Stored items from a collection
┌──
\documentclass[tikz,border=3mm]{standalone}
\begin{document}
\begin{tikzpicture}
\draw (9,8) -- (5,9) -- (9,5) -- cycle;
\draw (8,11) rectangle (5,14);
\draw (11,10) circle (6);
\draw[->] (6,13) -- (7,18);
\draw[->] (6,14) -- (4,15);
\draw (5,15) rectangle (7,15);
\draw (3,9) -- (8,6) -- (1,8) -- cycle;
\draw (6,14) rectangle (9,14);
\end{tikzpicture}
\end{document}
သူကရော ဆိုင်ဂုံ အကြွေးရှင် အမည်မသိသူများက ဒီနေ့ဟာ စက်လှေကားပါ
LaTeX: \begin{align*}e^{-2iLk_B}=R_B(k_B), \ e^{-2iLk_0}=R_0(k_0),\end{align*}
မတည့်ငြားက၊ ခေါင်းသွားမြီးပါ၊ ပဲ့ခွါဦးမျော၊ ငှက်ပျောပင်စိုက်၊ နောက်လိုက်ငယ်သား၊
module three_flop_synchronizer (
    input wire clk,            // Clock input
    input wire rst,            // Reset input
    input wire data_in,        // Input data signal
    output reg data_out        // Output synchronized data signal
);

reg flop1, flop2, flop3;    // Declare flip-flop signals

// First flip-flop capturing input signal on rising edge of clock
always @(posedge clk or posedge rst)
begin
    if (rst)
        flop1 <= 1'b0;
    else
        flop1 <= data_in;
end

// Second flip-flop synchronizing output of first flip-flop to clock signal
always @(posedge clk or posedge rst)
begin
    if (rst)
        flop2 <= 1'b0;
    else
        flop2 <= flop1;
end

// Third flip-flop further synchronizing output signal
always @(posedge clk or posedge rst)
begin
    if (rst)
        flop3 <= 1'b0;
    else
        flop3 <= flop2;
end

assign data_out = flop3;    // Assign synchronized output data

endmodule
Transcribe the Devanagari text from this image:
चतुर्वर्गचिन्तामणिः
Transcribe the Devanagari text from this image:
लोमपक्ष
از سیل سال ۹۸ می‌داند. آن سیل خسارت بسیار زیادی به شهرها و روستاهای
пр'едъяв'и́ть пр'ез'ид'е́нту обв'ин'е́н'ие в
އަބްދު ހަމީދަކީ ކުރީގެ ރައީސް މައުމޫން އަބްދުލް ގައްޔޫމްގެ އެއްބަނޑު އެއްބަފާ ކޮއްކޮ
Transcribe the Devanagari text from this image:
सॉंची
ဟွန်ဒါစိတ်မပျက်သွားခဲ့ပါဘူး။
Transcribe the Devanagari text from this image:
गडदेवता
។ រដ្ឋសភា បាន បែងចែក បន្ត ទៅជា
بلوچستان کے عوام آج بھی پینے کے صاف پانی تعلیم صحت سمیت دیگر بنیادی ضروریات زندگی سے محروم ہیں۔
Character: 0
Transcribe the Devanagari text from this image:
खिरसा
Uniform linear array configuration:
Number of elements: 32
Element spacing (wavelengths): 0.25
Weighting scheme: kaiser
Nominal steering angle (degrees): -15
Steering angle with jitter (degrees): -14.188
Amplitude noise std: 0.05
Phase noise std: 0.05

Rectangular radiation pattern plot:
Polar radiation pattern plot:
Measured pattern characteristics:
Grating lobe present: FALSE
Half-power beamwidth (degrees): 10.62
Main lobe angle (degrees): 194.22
└──
**Prompt**
Write each line of the data down again exactly as it reads.

**Answer section**
\documentclass[tikz,border=3mm]{standalone}
\begin{document}
\begin{tikzpicture}
\draw (9,8) -- (5,9) -- (9,5) -- cycle;
\draw (8,11) rectangle (5,14);
\draw (11,10) circle (6);
\draw[->] (6,13) -- (7,18);
\draw[->] (6,14) -- (4,15);
\draw (5,15) rectangle (7,15);
\draw (3,9) -- (8,6) -- (1,8) -- cycle;
\draw (6,14) rectangle (9,14);
\end{tikzpicture}
\end{document}
သူကရော ဆိုင်ဂုံ အကြွေးရှင် အမည်မသိသူများက ဒီနေ့ဟာ စက်လှေကားပါ
LaTeX: \begin{align*}e^{-2iLk_B}=R_B(k_B), \ e^{-2iLk_0}=R_0(k_0),\end{align*}
မတည့်ငြားက၊ ခေါင်းသွားမြီးပါ၊ ပဲ့ခွါဦးမျော၊ ငှက်ပျောပင်စိုက်၊ နောက်လိုက်ငယ်သား၊
module three_flop_synchronizer (
    input wire clk,            // Clock input
    input wire rst,            // Reset input
    input wire data_in,        // Input data signal
    output reg data_out        // Output synchronized data signal
);

reg flop1, flop2, flop3;    // Declare flip-flop signals

// First flip-flop capturing input signal on rising edge of clock
always @(posedge clk or posedge rst)
begin
    if (rst)
        flop1 <= 1'b0;
    else
        flop1 <= data_in;
end

// Second flip-flop synchronizing output of first flip-flop to clock signal
always @(posedge clk or posedge rst)
begin
    if (rst)
        flop2 <= 1'b0;
    else
        flop2 <= flop1;
end

// Third flip-flop further synchronizing output signal
always @(posedge clk or posedge rst)
begin
    if (rst)
        flop3 <= 1'b0;
    else
        flop3 <= flop2;
end

assign data_out = flop3;    // Assign synchronized output data

endmodule
Transcribe the Devanagari text from this image:
चतुर्वर्गचिन्तामणिः
Transcribe the Devanagari text from this image:
लोमपक्ष
از سیل سال ۹۸ می‌داند. آن سیل خسارت بسیار زیادی به شهرها و روستاهای
пр'едъяв'и́ть пр'ез'ид'е́нту обв'ин'е́н'ие в
އަބްދު ހަމީދަކީ ކުރީގެ ރައީސް މައުމޫން އަބްދުލް ގައްޔޫމްގެ އެއްބަނޑު އެއްބަފާ ކޮއްކޮ
Transcribe the Devanagari text from this image:
सॉंची
ဟွန်ဒါစိတ်မပျက်သွားခဲ့ပါဘူး။
Transcribe the Devanagari text from this image:
गडदेवता
។ រដ្ឋសភា បាន បែងចែក បន្ត ទៅជា
بلوچستان کے عوام آج بھی پینے کے صاف پانی تعلیم صحت سمیت دیگر بنیادی ضروریات زندگی سے محروم ہیں۔
Character: 0
Transcribe the Devanagari text from this image:
खिरसा
Uniform linear array configuration:
Number of elements: 32
Element spacing (wavelengths): 0.25
Weighting scheme: kaiser
Nominal steering angle (degrees): -15
Steering angle with jitter (degrees): -14.188
Amplitude noise std: 0.05
Phase noise std: 0.05

Rectangular radiation pattern plot:
Polar radiation pattern plot:
Measured pattern characteristics:
Grating lobe present: FALSE
Half-power beamwidth (degrees): 10.62
Main lobe angle (degrees): 194.22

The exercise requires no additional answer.